Fleshman published her memoir, Good for a Girl, in 2023. The book covers both her own running career along with critiques and analysis of how professional sport treats female athletes. The book was a New York Times best-seller, ranking 10th in its debut on the hardcover non-fiction list. It also was named the William Hill Sports Book of the Year in 2023, making it the first book written by a woman and about women's sports to receive that honor.

===Entrepreneurial ventures===
Fleshman, husband Jesse Thomas, and professional runner Stephanie Bruce co-founded the gluten and dairy free energy bar company Picky Bars in 2009. In 2021, Picky Bars was purchased by Laird Superfoods for $12 million.
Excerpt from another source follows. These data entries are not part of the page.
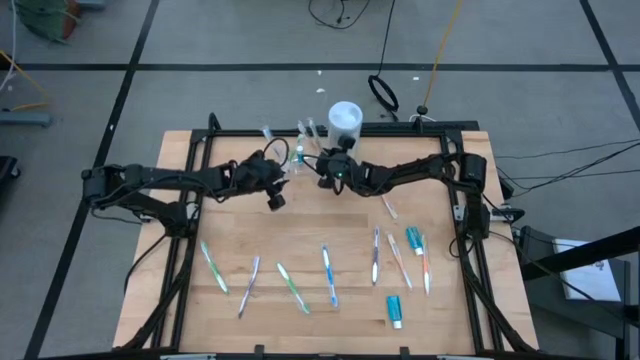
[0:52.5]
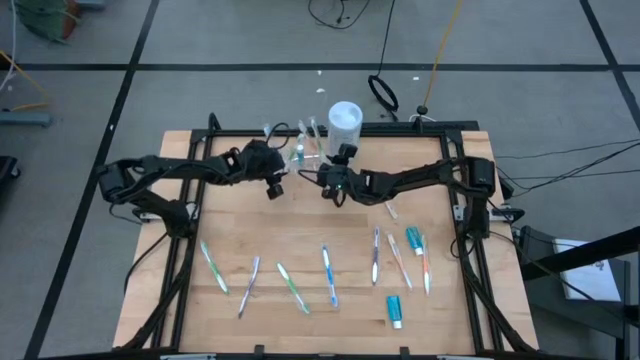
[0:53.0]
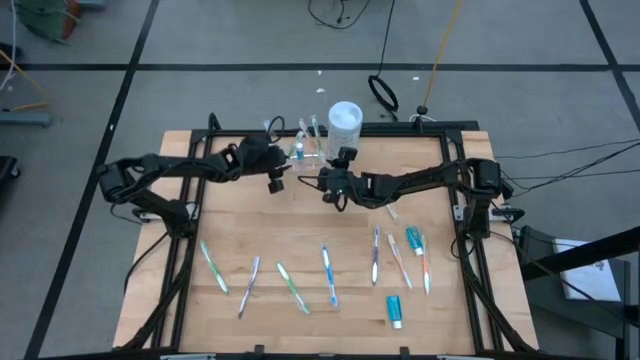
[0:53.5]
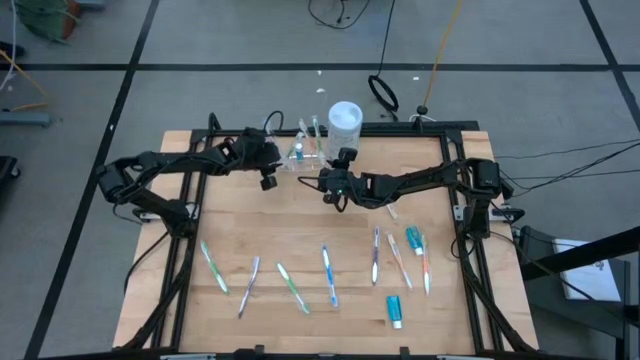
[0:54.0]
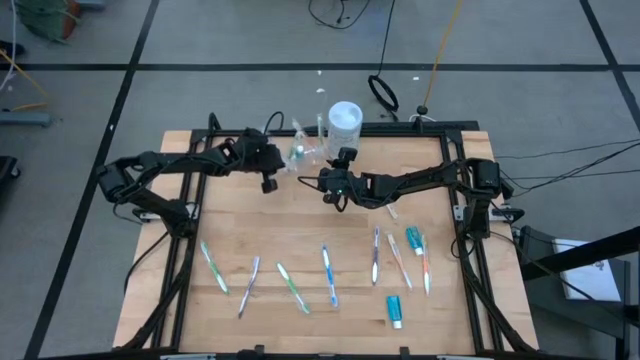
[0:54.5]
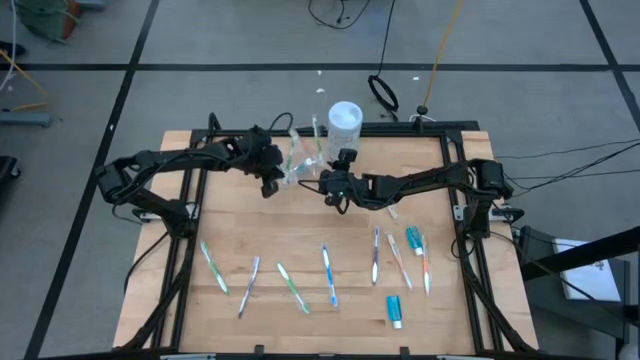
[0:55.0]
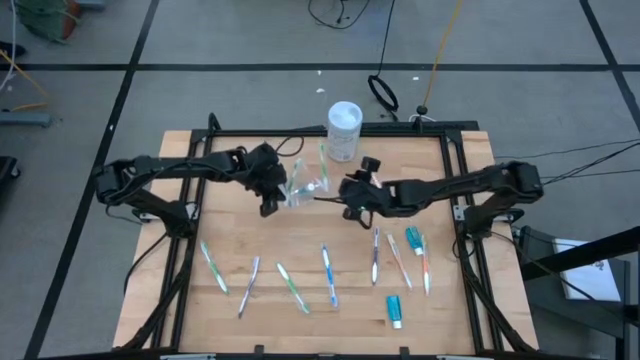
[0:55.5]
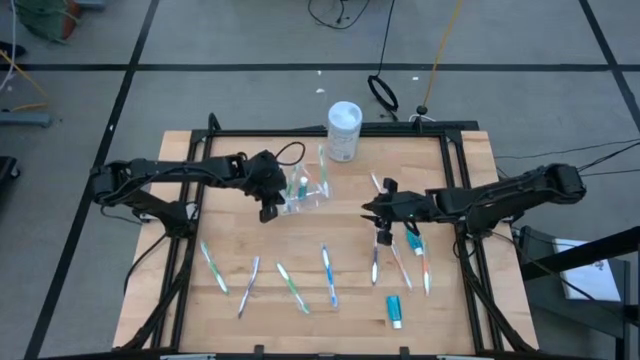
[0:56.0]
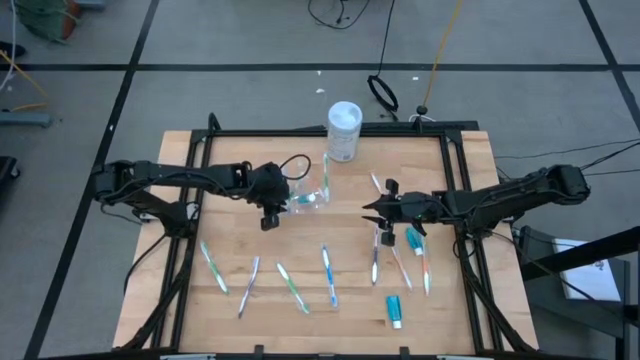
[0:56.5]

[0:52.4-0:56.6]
Task: Pick & Place toothbrushing station
Move the transparent organizer to the center of the table

In 2011, Fleshman and Irish Olympic runner Roisin McGettigan co-founded the brand "Believe I Am", a business creating sport psychology tools for female athletes including a mind/body training journal and apparel.

==Personal life==
Fleshman is the daughter of Joyce and Frank Fleshman and has one younger sister, Lindsay, who is a nurse. Fleshman married fellow Stanford graduate and professional triathlete Jesse Thomas in Bend, Oregon, on 30 September 2007. They have two children. In February 2023, Fleshman and Thomas stated on social media that they were amicably separating.